A year later my son moved across town to a different house, shared by different grad students but no surrogate parents. They lived in a bubble, away from politics, away from George W.’s war. Their work was consuming and challenging but that is why they were there. I could sleep on the sofa whenever I was in town. It was a good time but seemed he would grow old and die before he finished his program. In hindsight it confirmed the adage; a watched pot never boils.
Twenty years have slipped under the bridge and down stream and we’ve both moved on. He did good, got his gold braid, Maize & Blue Hood and a real job. But also I remember ‘What’s Her Name’s’ whimpering; “Why can’t we ...” Her concern was well taken but whimpering was all she could do. The difference from her then to me now is that I don’t beg the question, I know why.
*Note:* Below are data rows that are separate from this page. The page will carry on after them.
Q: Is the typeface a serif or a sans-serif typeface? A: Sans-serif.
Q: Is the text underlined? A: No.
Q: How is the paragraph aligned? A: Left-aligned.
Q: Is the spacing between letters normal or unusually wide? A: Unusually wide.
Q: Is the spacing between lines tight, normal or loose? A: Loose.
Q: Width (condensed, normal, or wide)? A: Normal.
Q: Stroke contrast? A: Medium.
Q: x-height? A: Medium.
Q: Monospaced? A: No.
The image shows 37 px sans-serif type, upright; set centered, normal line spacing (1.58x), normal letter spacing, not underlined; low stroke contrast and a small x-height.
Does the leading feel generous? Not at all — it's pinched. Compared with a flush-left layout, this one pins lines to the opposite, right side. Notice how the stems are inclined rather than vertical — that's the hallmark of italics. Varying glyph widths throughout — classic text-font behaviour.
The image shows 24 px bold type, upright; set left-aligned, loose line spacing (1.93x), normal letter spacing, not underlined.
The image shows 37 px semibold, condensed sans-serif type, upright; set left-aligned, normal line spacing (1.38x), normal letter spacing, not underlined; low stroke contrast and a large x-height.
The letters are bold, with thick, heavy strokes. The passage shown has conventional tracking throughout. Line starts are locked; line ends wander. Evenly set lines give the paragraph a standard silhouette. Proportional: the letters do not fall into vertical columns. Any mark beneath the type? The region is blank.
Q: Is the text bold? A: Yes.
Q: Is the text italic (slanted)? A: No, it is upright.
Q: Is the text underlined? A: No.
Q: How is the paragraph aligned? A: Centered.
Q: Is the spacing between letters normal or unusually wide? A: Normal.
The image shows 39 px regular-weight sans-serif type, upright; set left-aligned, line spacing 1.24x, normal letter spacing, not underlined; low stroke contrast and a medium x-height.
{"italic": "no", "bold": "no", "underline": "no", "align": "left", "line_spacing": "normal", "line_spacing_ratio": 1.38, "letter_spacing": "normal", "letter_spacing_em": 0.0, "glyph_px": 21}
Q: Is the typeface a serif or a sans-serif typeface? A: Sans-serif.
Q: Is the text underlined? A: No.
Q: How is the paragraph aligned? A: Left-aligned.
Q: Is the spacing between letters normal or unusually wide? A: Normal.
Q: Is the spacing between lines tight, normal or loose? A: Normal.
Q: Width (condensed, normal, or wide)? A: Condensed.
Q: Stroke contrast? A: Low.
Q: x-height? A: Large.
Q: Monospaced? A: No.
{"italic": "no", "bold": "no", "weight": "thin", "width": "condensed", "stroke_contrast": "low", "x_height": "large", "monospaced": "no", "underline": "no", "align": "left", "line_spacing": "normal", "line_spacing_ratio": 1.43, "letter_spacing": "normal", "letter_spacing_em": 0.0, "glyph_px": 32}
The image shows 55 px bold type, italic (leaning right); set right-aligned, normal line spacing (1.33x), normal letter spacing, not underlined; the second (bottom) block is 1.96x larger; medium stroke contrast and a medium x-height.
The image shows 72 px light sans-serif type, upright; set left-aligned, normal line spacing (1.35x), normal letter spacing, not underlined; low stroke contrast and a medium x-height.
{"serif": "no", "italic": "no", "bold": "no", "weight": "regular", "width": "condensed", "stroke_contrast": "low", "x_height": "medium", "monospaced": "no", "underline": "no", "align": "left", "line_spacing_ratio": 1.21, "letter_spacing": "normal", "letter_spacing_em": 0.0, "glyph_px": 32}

Human evolution bogged down about 12,000 years ago when the 1st Agriculture revolution started crowding people together in towns and city states. They suffered a highly contagious outbreak of arrested development, stuck at the 3 year-old stage. It didn’t affect our creative talents, only manifest in the selfish, ‘Me-me’ & ‘I want’ nature of spoiled 3 year-olds. We are still stuck. If a 3 year old can’t have what they want they can throw a temper tantrum but then they grow up. Regular people get mad but they get over it. Tyrants have no qualms about killing their enemies if that’s how they get what they want. Whoever gets in the way, they die too. The ‘Bullies’ believe their own dead warriors make their mothers proud and dead enemies have only themselves to blame. Tyrants know if you don’t win you die so they have no reason to compromise or follow rules and wholesale murder is a universal remedy for bad neighbors.
Mrs. ‘What’s Her Name’s’ moaning just vents some anxiety; a question with an (!) instead of a (?). Humans get along very well with inanimate things but not each other and it will be a while before the Bullies hold hands and sing Kumbaya.